Detailed Results and Complements on Query Answering under Greedy Bounded-Treewidth Sets of Existential Rules
The family of greedy bounded-treewidth sets of existential rules (gbts) is an expressive class of rules for which entailment is decidable. This decidability property relies on a structural property of the saturation by the chase (i.e., the set of inferred facts): for any initial set of facts, the saturation of these facts has a bounded treewidth (where the treewidth is computed on a graph associated with a set of atoms). Moreover, a tree decomposition of bounded width can be incrementally built during the chase. This family generalizes the important family of guarded existential rules, which itself generalizes Horn description logics used in OBDA.

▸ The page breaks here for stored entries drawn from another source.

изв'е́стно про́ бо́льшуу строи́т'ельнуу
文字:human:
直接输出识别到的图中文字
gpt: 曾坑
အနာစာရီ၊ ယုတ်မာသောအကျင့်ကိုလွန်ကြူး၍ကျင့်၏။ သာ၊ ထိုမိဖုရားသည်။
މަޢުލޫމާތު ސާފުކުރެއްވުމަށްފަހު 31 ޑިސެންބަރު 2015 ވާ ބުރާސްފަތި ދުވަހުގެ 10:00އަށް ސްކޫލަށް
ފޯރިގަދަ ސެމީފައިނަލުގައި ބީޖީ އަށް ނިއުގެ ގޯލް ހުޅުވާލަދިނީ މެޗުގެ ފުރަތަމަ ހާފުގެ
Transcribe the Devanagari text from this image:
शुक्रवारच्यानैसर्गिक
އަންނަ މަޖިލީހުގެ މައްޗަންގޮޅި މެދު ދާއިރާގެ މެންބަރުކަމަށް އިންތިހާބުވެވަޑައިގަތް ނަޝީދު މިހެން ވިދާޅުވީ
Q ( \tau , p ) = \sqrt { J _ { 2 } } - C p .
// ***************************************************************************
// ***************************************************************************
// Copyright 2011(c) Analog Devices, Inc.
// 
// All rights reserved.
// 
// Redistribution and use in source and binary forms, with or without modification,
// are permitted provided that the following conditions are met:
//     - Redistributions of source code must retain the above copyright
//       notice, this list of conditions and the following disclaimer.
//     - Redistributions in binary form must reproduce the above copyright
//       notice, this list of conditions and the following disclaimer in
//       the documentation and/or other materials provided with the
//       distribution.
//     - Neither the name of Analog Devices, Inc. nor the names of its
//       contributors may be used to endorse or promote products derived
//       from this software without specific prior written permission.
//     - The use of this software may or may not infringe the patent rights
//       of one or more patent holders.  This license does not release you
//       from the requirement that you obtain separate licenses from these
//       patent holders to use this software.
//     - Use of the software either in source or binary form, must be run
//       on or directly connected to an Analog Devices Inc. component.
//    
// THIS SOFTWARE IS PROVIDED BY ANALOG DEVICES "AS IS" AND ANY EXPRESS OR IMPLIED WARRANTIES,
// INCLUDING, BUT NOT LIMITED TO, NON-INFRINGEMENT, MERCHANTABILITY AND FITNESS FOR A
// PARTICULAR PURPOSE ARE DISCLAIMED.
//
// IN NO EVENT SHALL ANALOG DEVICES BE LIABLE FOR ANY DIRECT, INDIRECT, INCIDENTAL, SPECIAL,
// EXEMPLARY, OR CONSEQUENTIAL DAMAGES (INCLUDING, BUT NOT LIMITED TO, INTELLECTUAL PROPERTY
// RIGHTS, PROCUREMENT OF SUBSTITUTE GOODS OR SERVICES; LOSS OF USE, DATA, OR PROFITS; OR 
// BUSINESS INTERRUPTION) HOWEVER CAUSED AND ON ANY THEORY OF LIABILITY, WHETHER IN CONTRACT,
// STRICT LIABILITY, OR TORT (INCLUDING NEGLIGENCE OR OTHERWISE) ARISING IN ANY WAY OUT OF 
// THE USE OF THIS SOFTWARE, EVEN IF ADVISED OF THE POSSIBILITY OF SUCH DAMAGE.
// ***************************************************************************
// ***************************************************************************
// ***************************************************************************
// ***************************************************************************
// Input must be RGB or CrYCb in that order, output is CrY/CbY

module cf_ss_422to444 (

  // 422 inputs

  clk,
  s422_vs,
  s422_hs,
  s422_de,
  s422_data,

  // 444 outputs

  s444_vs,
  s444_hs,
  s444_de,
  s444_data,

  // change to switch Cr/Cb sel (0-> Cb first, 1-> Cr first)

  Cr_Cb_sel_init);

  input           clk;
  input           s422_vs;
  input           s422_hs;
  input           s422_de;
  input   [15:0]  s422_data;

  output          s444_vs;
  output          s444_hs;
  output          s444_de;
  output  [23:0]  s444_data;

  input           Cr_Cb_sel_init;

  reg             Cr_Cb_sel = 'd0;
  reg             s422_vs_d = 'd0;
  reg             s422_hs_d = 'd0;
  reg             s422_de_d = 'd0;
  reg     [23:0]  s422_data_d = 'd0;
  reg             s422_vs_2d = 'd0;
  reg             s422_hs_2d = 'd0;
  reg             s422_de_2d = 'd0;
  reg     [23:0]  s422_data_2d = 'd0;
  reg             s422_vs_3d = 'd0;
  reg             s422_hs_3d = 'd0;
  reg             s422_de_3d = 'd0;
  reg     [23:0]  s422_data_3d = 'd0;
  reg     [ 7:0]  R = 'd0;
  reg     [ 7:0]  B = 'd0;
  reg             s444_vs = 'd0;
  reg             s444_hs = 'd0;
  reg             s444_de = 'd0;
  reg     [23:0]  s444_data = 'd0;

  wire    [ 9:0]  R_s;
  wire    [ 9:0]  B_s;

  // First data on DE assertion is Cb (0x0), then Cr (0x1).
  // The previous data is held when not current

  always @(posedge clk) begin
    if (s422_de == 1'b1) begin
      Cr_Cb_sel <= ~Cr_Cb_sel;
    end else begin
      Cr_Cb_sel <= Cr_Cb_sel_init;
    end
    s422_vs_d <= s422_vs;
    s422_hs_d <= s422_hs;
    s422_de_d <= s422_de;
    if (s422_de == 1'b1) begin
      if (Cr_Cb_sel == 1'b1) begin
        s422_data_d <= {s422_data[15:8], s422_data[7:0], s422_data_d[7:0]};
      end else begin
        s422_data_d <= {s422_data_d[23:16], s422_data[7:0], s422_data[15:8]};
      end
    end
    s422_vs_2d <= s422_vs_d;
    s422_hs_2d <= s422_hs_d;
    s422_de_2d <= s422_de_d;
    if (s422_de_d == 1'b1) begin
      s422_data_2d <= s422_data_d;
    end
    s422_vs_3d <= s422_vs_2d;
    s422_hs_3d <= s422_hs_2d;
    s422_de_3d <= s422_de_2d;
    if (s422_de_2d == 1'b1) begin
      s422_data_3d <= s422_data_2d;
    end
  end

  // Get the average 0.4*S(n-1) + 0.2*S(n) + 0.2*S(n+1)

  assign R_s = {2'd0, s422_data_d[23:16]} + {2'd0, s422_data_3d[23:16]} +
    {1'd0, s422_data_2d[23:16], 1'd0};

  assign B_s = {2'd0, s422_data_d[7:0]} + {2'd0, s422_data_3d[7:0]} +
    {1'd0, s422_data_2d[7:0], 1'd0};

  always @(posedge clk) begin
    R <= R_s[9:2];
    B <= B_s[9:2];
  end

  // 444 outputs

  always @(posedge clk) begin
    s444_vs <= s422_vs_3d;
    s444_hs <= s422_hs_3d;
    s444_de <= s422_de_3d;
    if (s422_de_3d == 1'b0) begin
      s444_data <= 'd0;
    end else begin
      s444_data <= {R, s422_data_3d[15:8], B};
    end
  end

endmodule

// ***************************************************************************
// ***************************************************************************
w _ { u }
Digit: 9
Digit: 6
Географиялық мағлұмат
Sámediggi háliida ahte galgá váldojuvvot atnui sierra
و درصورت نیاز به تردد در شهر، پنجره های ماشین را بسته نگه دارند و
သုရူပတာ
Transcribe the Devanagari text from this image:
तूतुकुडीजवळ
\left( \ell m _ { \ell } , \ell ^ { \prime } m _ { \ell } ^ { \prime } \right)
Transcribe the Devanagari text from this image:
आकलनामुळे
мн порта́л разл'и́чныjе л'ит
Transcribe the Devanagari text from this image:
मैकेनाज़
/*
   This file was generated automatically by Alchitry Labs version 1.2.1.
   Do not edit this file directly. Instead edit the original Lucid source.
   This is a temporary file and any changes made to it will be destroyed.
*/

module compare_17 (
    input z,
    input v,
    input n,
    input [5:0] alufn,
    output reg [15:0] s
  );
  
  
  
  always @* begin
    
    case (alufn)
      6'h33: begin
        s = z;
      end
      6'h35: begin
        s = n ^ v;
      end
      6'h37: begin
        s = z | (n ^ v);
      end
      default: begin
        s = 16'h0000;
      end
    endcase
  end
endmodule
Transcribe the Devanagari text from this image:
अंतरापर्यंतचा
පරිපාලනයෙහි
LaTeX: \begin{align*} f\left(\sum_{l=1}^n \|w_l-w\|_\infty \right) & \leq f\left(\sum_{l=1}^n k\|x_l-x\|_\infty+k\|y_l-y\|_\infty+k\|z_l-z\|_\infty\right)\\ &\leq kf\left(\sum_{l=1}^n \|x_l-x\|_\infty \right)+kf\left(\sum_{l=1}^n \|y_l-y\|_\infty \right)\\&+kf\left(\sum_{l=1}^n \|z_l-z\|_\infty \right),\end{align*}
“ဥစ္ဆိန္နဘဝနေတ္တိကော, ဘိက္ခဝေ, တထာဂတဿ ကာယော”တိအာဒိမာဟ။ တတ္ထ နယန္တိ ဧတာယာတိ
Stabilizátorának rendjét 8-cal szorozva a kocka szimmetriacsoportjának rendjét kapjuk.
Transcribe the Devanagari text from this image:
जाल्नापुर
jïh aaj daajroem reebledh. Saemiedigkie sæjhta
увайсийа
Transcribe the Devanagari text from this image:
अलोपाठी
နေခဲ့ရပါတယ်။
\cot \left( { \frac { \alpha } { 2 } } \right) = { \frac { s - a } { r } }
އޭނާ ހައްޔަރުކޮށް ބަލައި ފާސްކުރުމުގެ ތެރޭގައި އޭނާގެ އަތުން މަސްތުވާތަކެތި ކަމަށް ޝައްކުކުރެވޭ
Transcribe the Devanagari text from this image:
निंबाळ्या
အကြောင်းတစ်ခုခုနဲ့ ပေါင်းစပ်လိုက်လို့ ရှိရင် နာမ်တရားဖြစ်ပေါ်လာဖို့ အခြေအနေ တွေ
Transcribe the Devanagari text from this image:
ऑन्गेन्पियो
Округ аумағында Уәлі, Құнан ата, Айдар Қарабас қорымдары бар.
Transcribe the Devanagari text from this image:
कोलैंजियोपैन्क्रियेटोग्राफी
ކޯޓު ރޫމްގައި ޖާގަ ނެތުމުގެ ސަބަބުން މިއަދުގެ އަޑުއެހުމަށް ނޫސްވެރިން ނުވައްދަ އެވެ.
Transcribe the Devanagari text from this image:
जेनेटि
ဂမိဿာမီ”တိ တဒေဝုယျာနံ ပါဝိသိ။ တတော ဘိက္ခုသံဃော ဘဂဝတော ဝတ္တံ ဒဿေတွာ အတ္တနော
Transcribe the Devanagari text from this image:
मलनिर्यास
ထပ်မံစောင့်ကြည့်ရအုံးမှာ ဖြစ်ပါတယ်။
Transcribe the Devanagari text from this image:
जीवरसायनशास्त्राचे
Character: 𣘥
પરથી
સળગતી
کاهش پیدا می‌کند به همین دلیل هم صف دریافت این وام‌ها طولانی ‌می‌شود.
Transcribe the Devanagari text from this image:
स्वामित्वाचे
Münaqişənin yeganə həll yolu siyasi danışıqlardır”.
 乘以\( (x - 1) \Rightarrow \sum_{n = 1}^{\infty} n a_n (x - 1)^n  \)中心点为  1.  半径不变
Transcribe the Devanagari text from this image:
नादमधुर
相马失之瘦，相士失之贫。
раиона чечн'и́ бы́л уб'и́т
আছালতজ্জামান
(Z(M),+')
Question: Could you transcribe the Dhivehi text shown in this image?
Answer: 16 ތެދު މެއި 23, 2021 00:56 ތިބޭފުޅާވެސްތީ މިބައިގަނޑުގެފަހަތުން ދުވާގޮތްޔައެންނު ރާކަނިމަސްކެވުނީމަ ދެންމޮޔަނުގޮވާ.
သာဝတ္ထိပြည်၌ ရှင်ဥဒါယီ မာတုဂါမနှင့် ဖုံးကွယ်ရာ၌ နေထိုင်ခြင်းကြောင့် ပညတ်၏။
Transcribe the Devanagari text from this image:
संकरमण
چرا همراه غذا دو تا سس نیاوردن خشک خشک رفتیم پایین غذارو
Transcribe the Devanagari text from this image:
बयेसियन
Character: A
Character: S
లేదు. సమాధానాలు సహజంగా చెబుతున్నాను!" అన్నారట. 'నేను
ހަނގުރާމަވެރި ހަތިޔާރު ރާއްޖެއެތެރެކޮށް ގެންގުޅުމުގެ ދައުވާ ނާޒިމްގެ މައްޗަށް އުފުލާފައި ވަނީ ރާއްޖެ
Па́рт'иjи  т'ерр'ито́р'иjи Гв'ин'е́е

In papers published at IJCAI 2011 and KR 2012, we studied the complexity of entailment under gbts rules as well as under known subclasses of gbts (with respect to data, combined and query complexity) and provided a generic algorithm with optimal worst-case complexity. This year, we finally completed a long report (75 pages) containing the detailed proofs of the results, some of them being very technical; in this report, we also clarified and reformulated the description of the generic algorithm, according to Michael Thomazo's PhD thesis (defended in October 2013); finally, we complemented the landscape of gbts classes by studying the complexity of all subclasses obtained by combining the syntactic criteria which define already known classes.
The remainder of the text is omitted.